### Assigned task
In the material below, the required lines run from the one containing "(177000 ms)" through the one containing "(188000 ms)". Copy those lines exactly, ends included, and nothing else.

Start of Input data

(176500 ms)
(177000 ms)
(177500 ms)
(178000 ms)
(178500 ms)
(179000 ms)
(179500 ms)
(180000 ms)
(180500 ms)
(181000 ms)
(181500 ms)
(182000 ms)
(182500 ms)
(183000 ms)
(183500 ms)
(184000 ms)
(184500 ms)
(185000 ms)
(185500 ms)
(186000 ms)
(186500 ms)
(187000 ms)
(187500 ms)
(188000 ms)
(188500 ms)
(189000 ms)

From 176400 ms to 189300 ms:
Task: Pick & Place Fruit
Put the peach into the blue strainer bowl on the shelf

End of Input data
Start of Input data

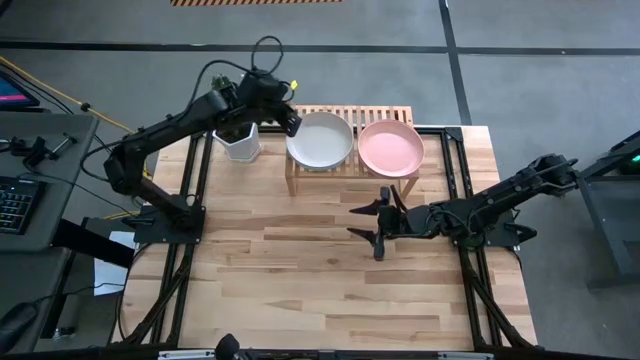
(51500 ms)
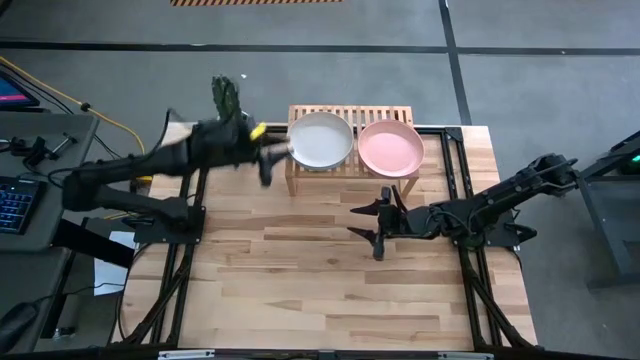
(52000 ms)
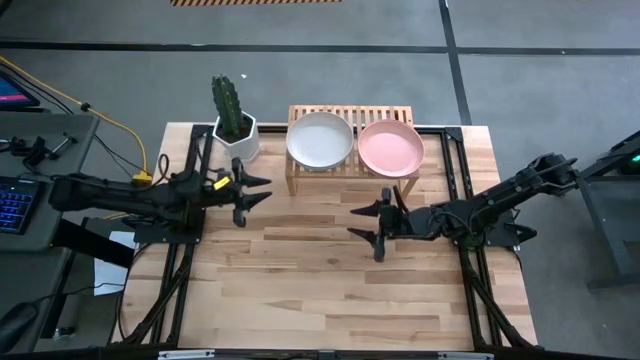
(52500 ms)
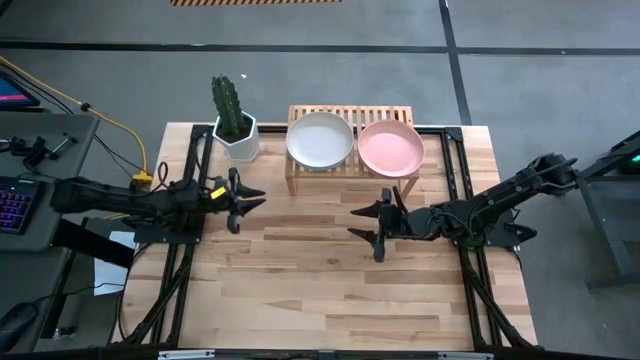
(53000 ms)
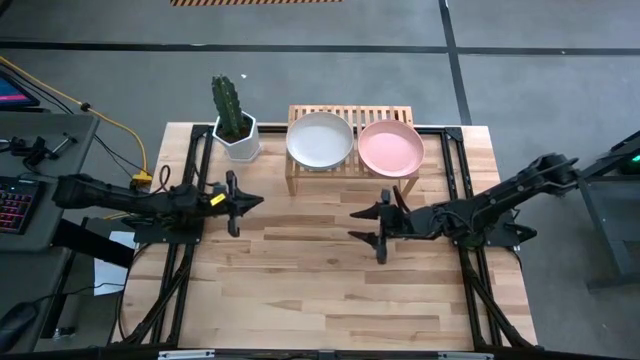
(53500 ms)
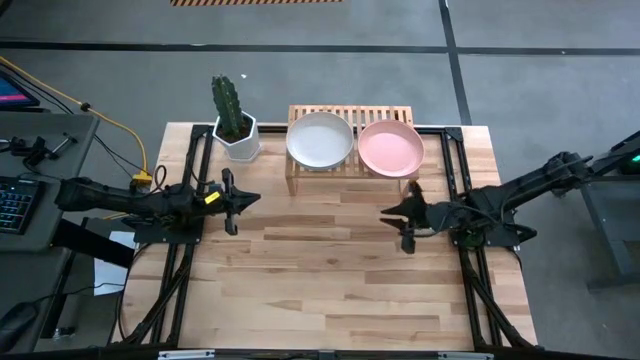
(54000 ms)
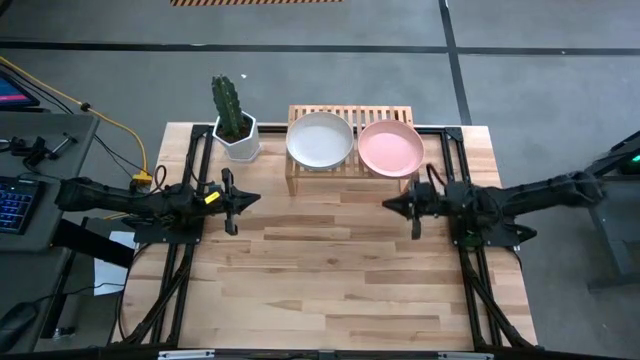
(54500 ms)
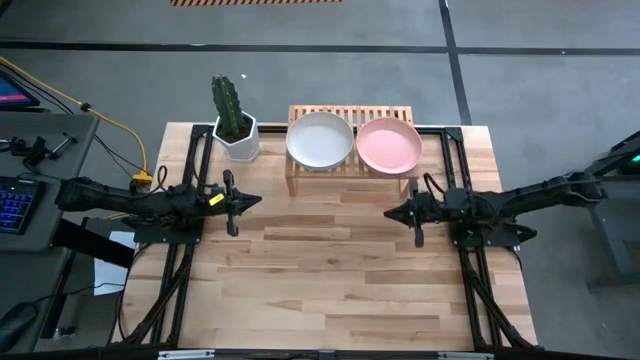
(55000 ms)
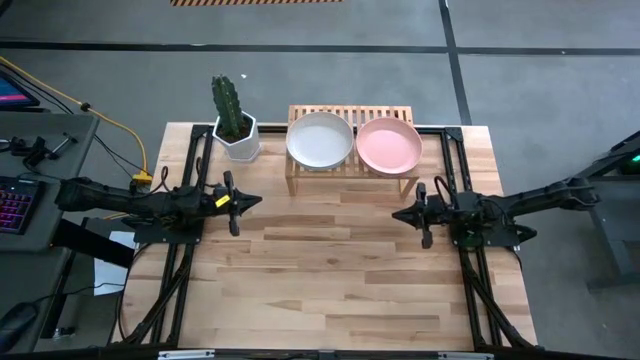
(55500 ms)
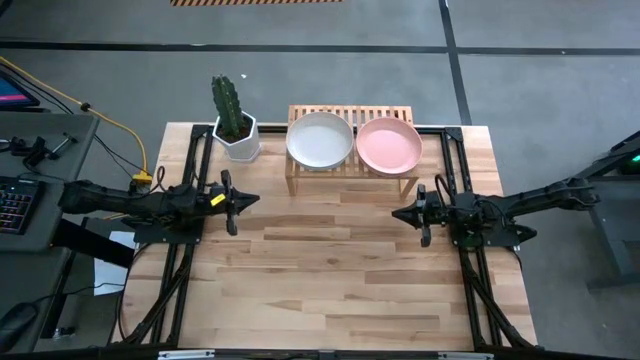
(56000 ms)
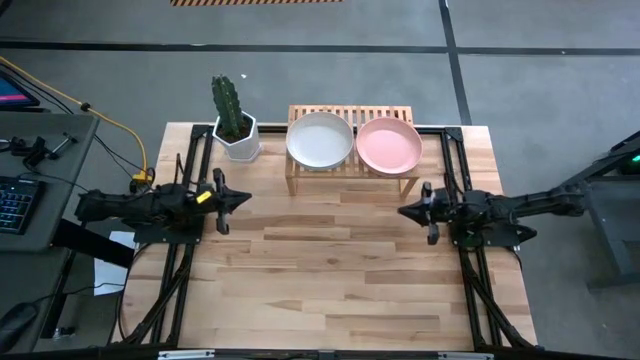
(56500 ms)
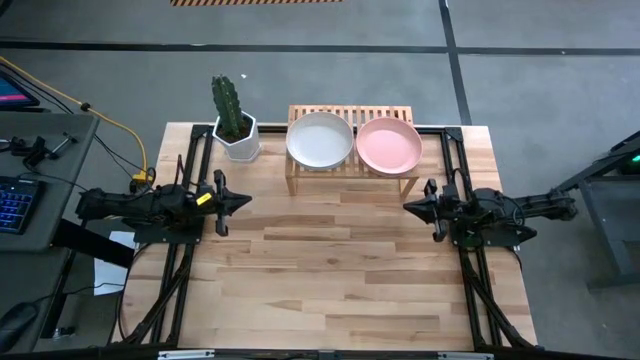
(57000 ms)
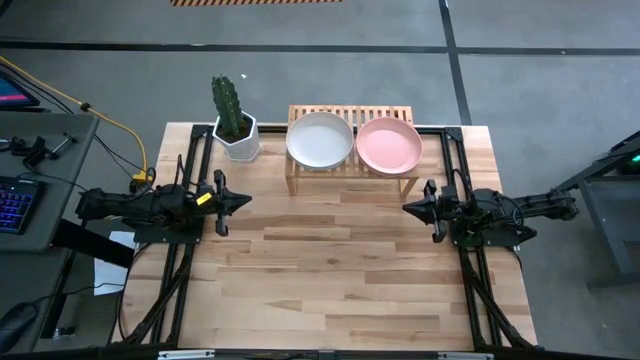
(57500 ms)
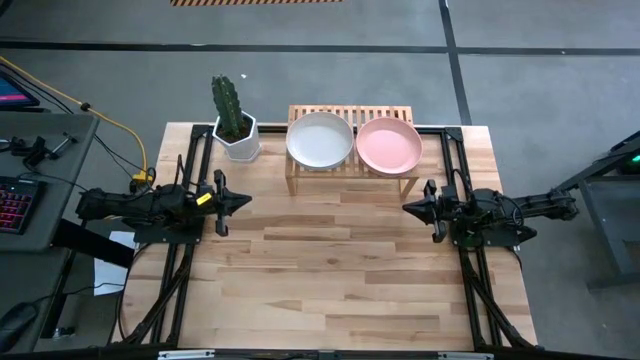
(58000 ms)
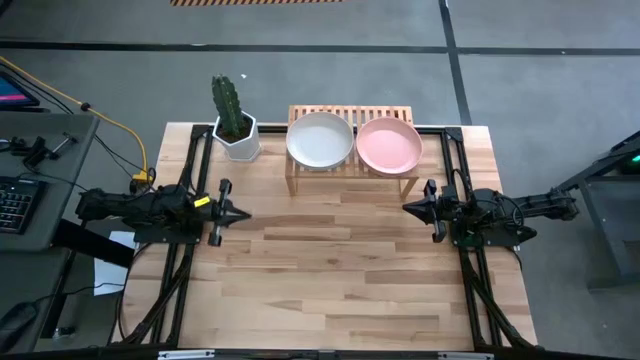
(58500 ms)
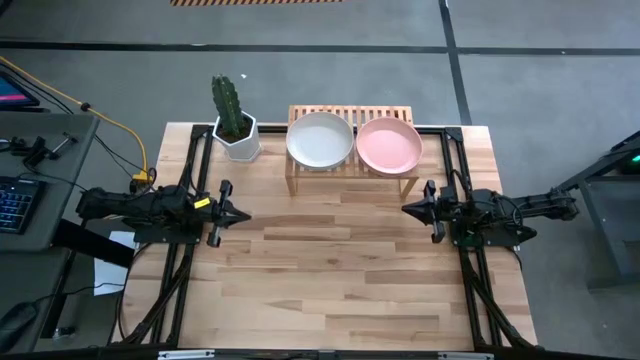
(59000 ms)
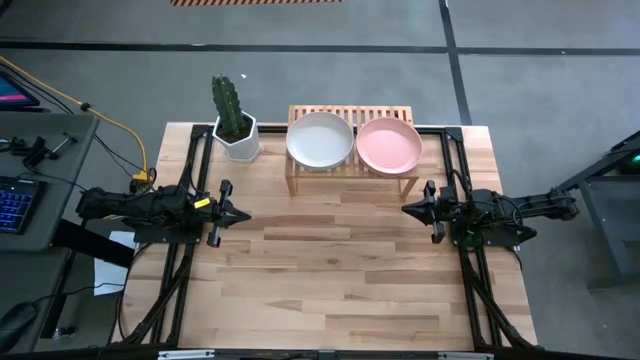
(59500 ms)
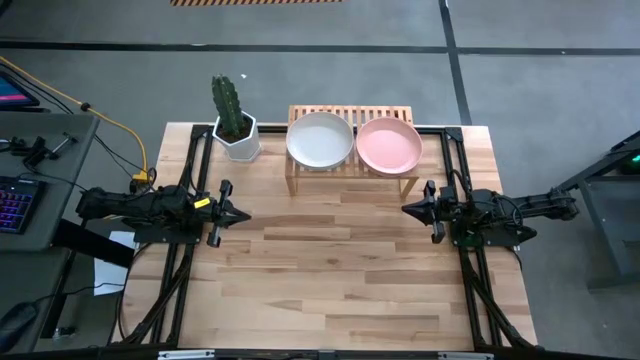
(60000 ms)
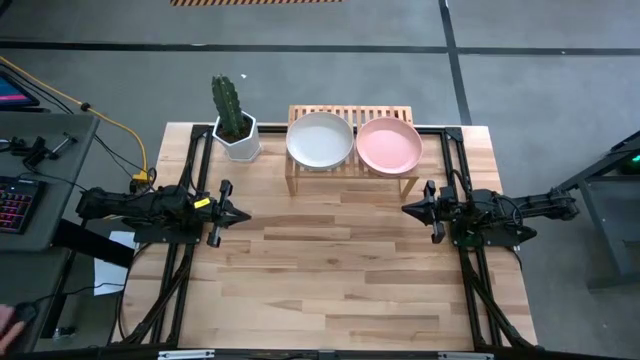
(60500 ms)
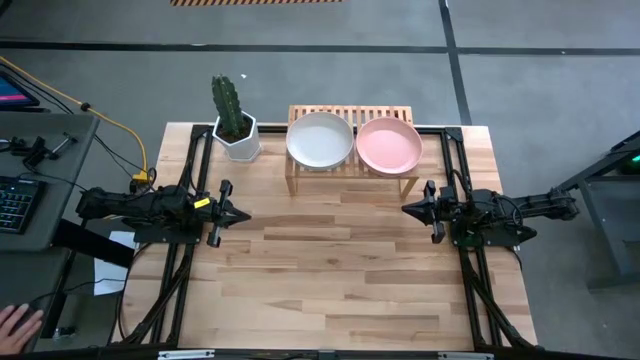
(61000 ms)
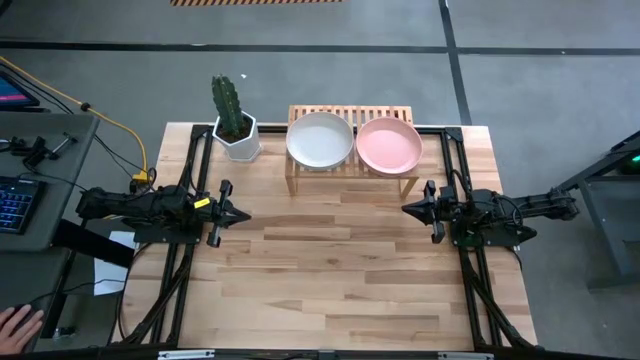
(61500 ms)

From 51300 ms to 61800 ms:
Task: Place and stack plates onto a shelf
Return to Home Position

End of Input data

### Exercise output
(177000 ms)
(177500 ms)
(178000 ms)
(178500 ms)
(179000 ms)
(179500 ms)
(180000 ms)
(180500 ms)
(181000 ms)
(181500 ms)
(182000 ms)
(182500 ms)
(183000 ms)
(183500 ms)
(184000 ms)
(184500 ms)
(185000 ms)
(185500 ms)
(186000 ms)
(186500 ms)
(187000 ms)
(187500 ms)
(188000 ms)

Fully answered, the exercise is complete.